Regardless of the analogical faux pas, Weingarten is absolutely right. Implementation IS absolutely key. In all of the current rhetoric surrounding teacher evaluation, value-added, and all of the pitfalls and opportunities therein, the biggest obstacle is not whether we can come up with good ideas, but rather can we actually make those good ideas occur.
As a teacher within LAUSD for the past 8 years, there has been absolutely no shortage of good ideas, yet nearly all of the new programs and initiatives that have come down through the system have either faltered, ignored, or been abandoned completely – not because they didn’t make sense (on paper, they did), but rather because the hard job of implementing a system well often results in a useless (or worse, harmful, system).
Case in point. The current teacher evaluation system, affectionately known as the STULL, has not failed because it was a bad idea. It failed because principals were so overwhelmed with putting out daily fires on their campuses, that the amount of time, energy, and effort to thoroughly implement a STULL-style evaluation was not thought to sufficiently move the needle of student achievement enough to justify the enormous amount of time it took. Because of this reality, the STULL implementation became a checklist to simple get through.
In school systems, it’s important consider the fact that implementation strategies and realities cannot merely be considered after policy is developed. Simply put, any policy itself MUST take into consideration and be driven by the realities of how implementing such a system might work.

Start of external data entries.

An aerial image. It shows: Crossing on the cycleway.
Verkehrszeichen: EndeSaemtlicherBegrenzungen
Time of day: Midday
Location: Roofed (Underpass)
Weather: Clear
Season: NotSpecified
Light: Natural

For example, in 2012, all the educational conversation is about revising the teacher evaluation system. And while most school districts have come to some consensus that “multiple measures” – usually taken to mean some combination of observation, student test scores, student surveys, and perhaps another measure – are the new way of the future. Unsurprisingly the biggest argument is how to weight the different components; should test scores count as 40% of an eval? should they count 10% of an eval? might there be some sliding scale?
Yet what is often missing from these discussions of policy is that our ability to implement these systems at scale should affect our initial policy in how we decide to weight certain components. We cannot afford to make these decisions in a vacuum because of what “ought to be”. That is, we cannot, for example, decide that since value-added scores are twice as reliable as observation data, then it’s percentage ought to account for twice as much as observation (which no one, right now, is currently saying – just an example). We must analyze what resources we have as a school system to actually implement these measures well and then (and only then) make decisions about the nuts and bolts of the policy.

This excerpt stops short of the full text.